Sherrick & Paul • Through June 13

by Erica Ciccarone | Photograph by Jeffrey Graetsch

Artists and athletes. From the outside, they have nothing in common. They live in two different worlds: one of the mind, the other of the flesh. Wendy White doesn’t see it that way. Her work is informed by the unmitigated experiences of sports, the visual cacophony of Chinatown, and the insistence of street graffiti to assert that its artist exists.

White’s paintings have a muscular energy that flattens the viewer. That’s how I felt, anyway, when I saw two of her paintings in the inaugural Sherrick & Paul exhibition last year. Asymmetrical, unbelievably smooth, and often huge in scale, her abstract acrylics offer panoramic views of her experience in the world. This month, White presents Double Vanity, a series of new work at Sherrick & Paul. Although this series is not as overtly sports centered as other of the artist’s work, it captures the same kind of in-the-moment, untempered bursts of action that White likes.

Bitch Move, Oh Well, 2015, Hand-painted rug, 96” x 144”

Bitch Move, Oh Well, 2015, Hand-painted rug, 96” x 144”

“There’s hardly anything in life that isn’t planned,” she says. “But games happen and people win and people lose, and it’s one of the only things that’s like that anymore.” It’s similar, she says, to the art-making process. “You can’t prepare for it, and then it’s over and the work goes somewhere else. Everybody assumes that artists can’t play sports. There’s been this division for so long, and I think the headspace is really similar. The potential for failure, the greatness of failure . . . ”

AC, 2015, Acrylic on canvas, 60” x 60”

AC, 2015, Acrylic on canvas, 60” x 60”

Listening to White talk is convincing. The discipline of the athlete and the artist surely requires the same kind of solitude, and, like an athlete going into a game, White knows that anything can happen in the art-making process. “You’re creating a problem for yourself to solve every day that really doesn’t matter to anyone else. It’s similar to trying to up your game or shave a second off of your time.” This led White to think more about the way emotions are enacted in sports. In a recent exhibition at David Castillo Gallery in Miami, White fused inkjet prints of athletes with acrylic painting to show how gender informs emotional moments on the field. Her critique is playful but revealing. She relegated the male athletes to a space in the back of the gallery that she called the man cave.
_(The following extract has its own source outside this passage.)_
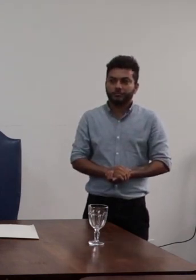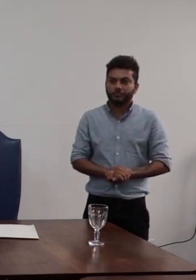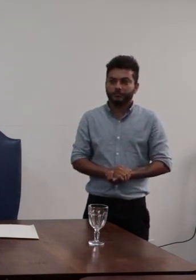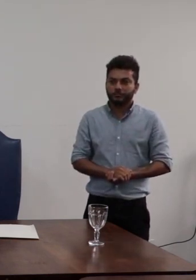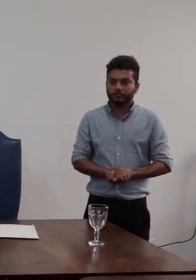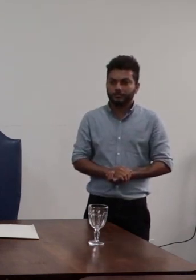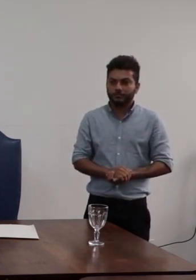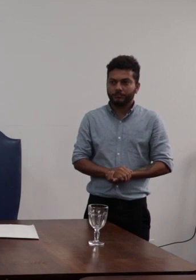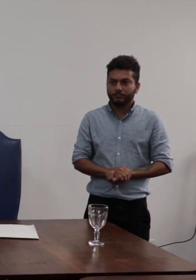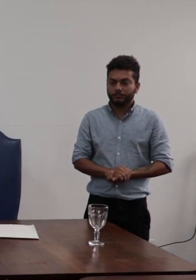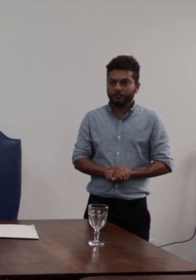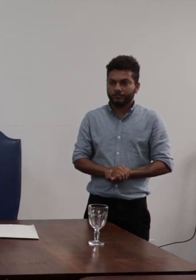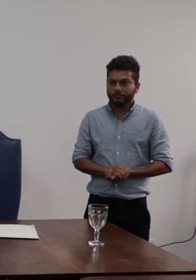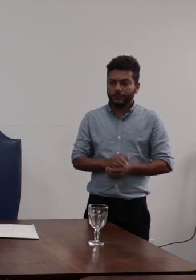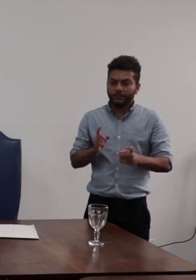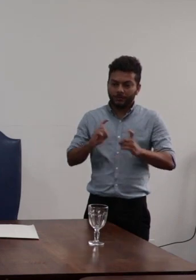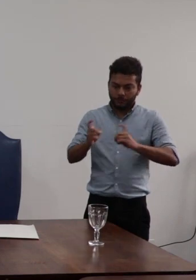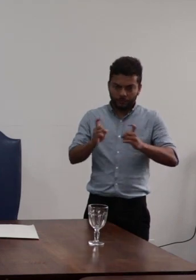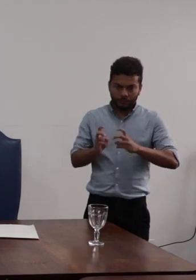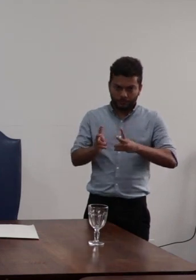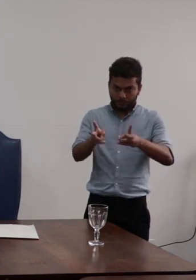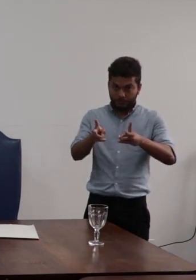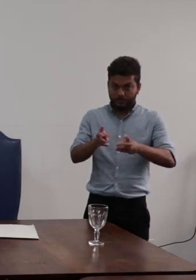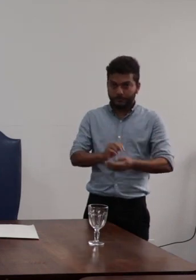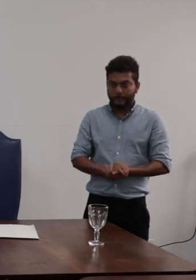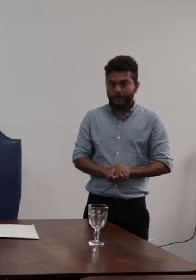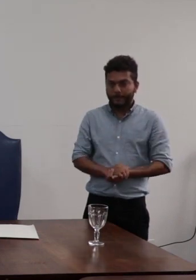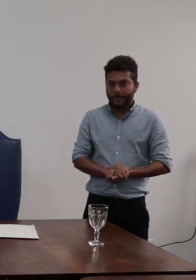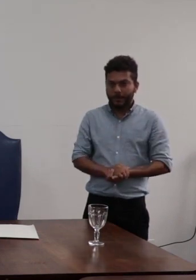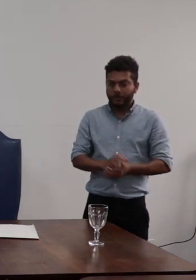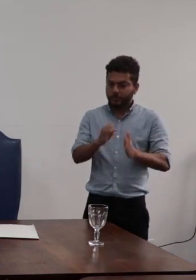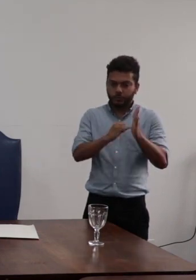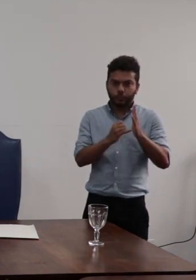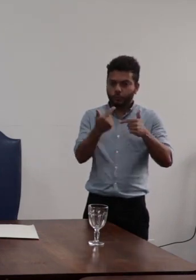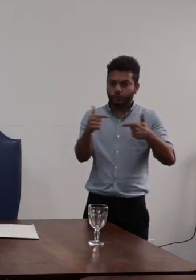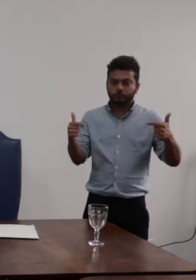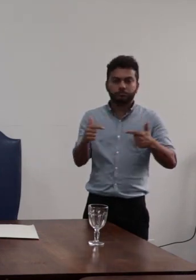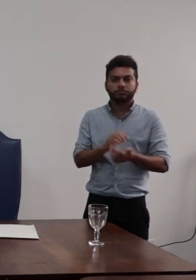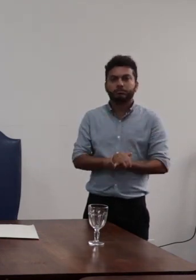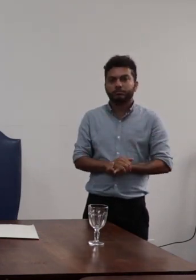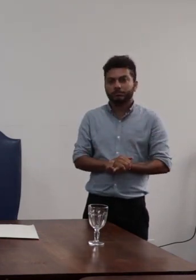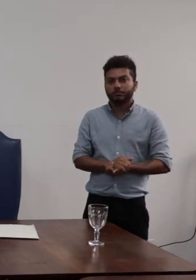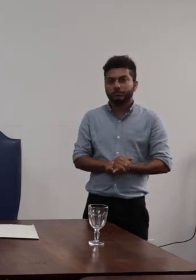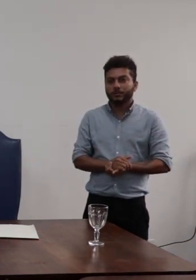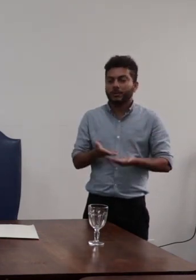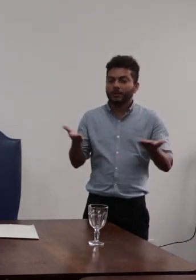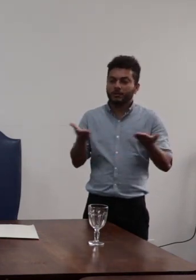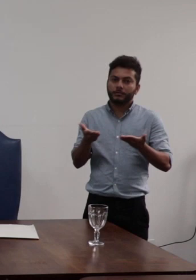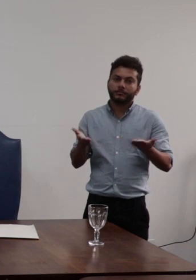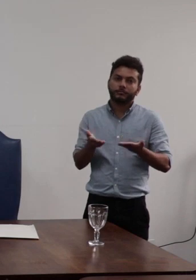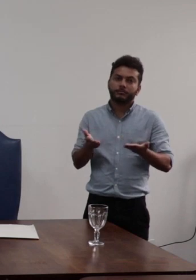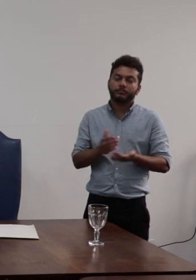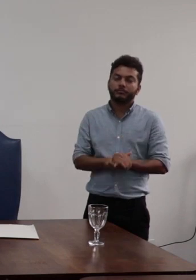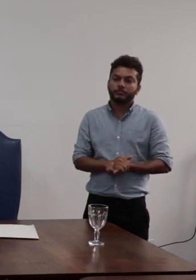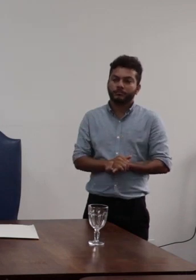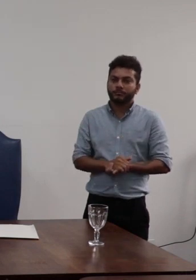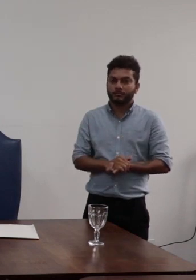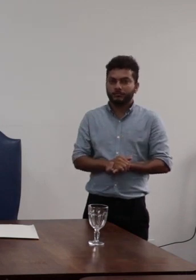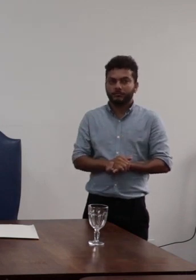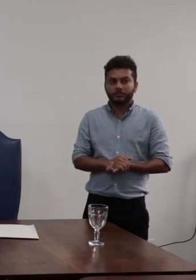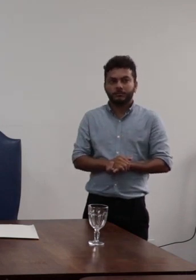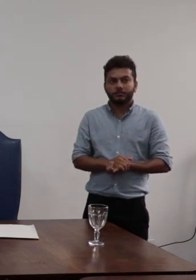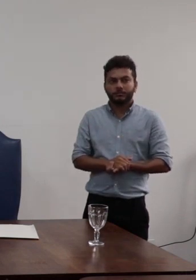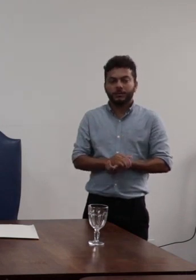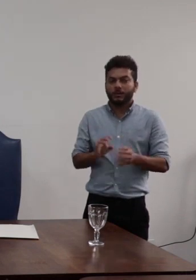mais uma vez em discussão bom não havendo escritos então irei submeter o ponto
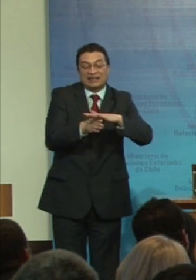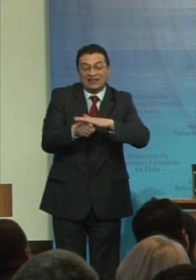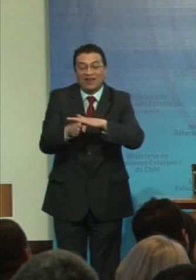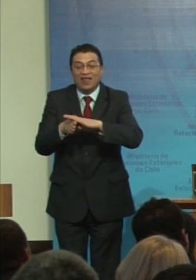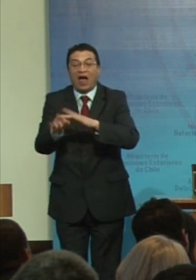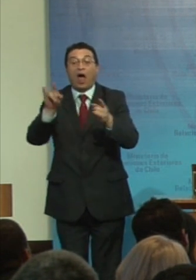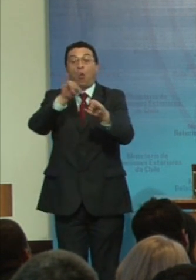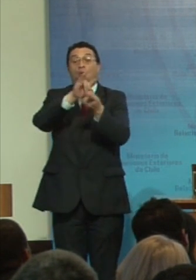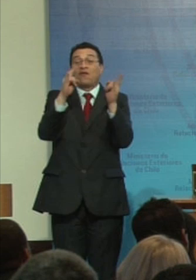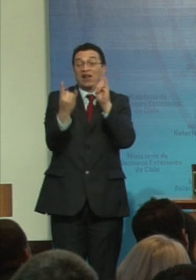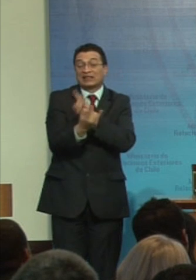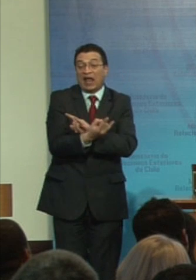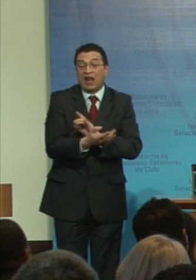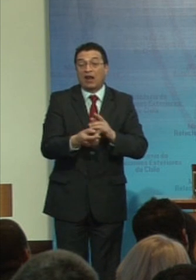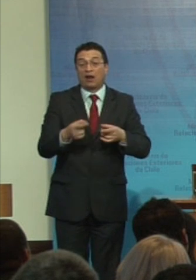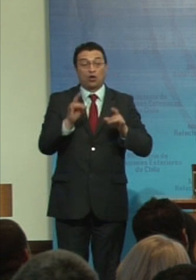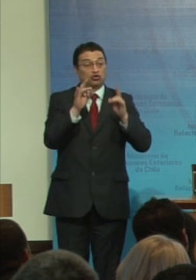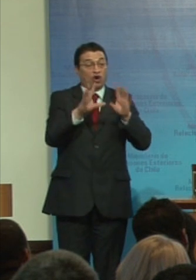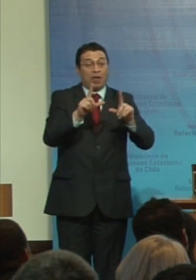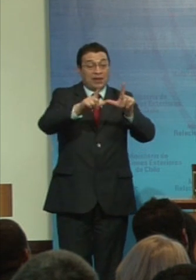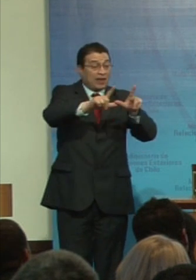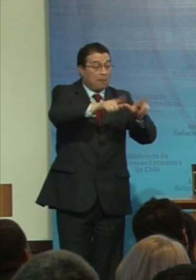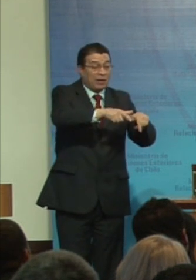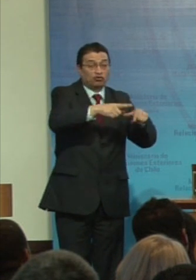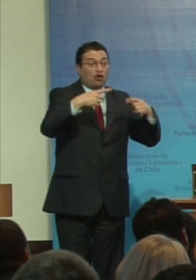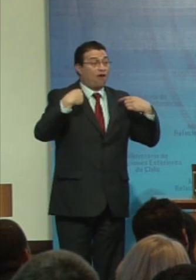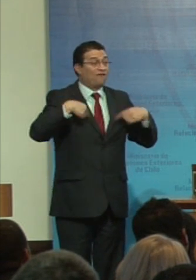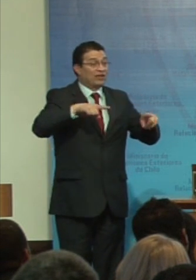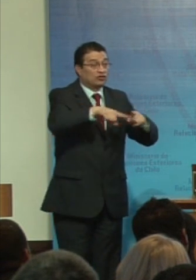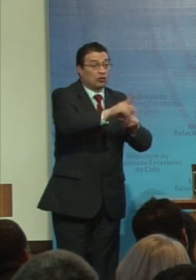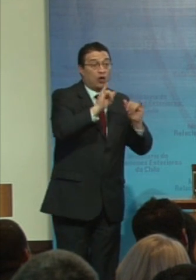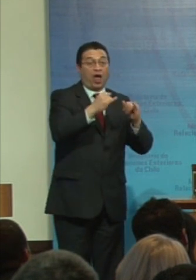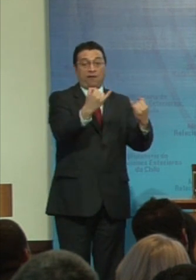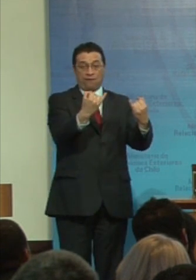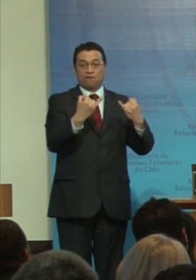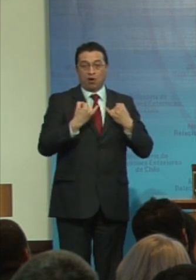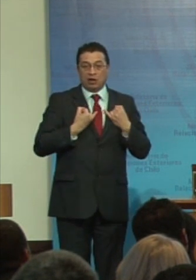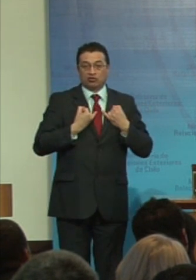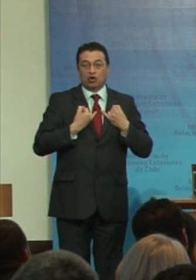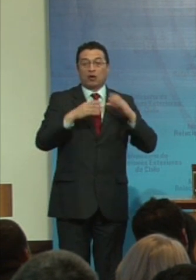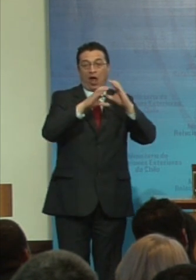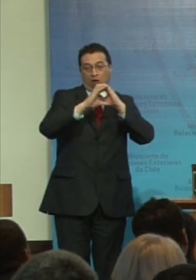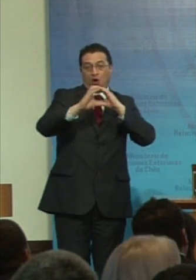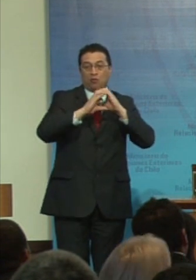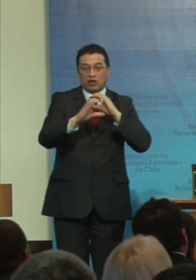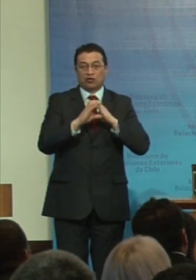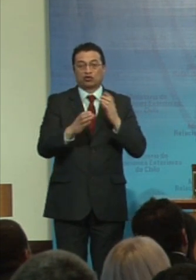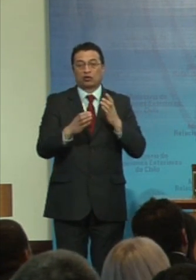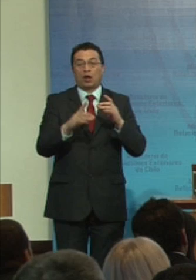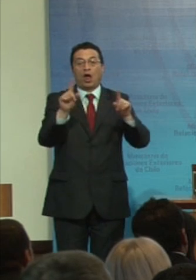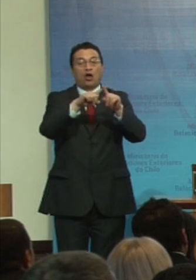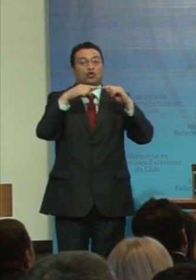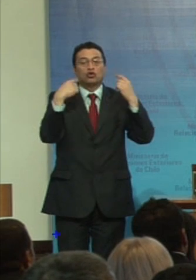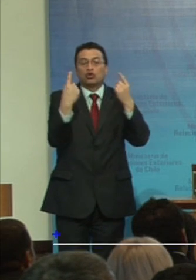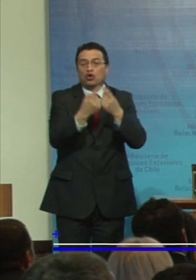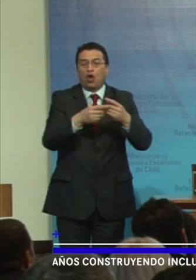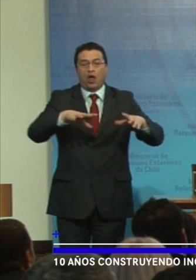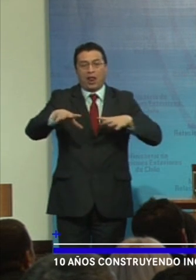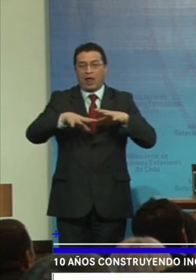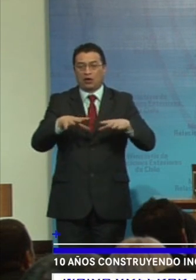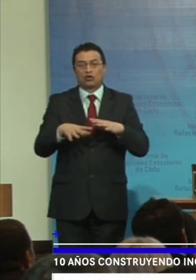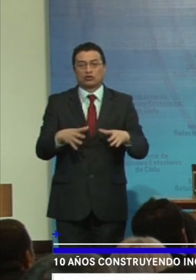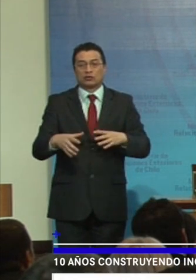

The Midge Game, 2015, Inkjet and acrylic on UV vinyl, wood and gold Mylar frame, custom-shaped and hand-painted rug, 97” x 73” x 54”

The Midge Game, 2015, Inkjet and acrylic on UV vinyl, wood and gold Mylar frame, custom-shaped and hand-painted rug, 97” x 73” x 54”

“That got me thinking about the splitting of the domestic space based on gender-based desires,” White says. She noticed how on shows like House Hunters, where couples scout their perfect home, the men and women often have very gendered needs. The woman always wants a bigger closet; the man needs a place of his own to play music or pool.

There’s hardly anything in life that isn’t planned . . . But games happen and people win and people lose.

“In such an increasingly non-gendered world where the line should be blurred, television and mainstream media tell us that we should still be defined by it.”

Oh Well (Green) (detail), 2015, Acrylic on canvas, wood and enamel frame, 26” x 32”

Oh Well (Green) (detail), 2015, Acrylic on canvas, wood and enamel frame, 26” x 32”

Double Vanity will delve into this theme using the architecture of the gallery itself. Sherrick & Paul is divided in two by a freestanding wall, giving it a mirrored effect. White is carpeting the floors in white and using the mirrored spaces to reflect the two domains of the home: male and female. The paintings in the show have names like Sure, Scumbag and Crybaby and use a decorative palette of pastels. Many of the pieces include text, which is inspired by White’s neighborhood in Chinatown, Manhattan. She stencils letters into her work that reflect the neighborhood’s signage, awnings, and canopies that are teeming with English, Cantonese, and graffitied text.

Though the text in White’s paintings does not usually have a discernable meaning, it reflects the human need to leave a mark on the world. Rather than trying to force meaning into a work, White relies on the vagueness of abstraction. “Meaning,” she wrote in a catalog piece, “doesn’t breathe outside of a moment.”

Sure, Scumbag, 2015, Acrylic on canvas, 60” x 60”

Sure, Scumbag, 2015, Acrylic on canvas, 60” x 60”

As an athlete who practices every day year round knows, the moment will pass if you don’t seize it. White finds it in her studio practice when she starts trusting a different part of the brain and the work takes over. “That’s the moment. It’s a glance. It’s a flicker. That’s the moment that keeps you making more.”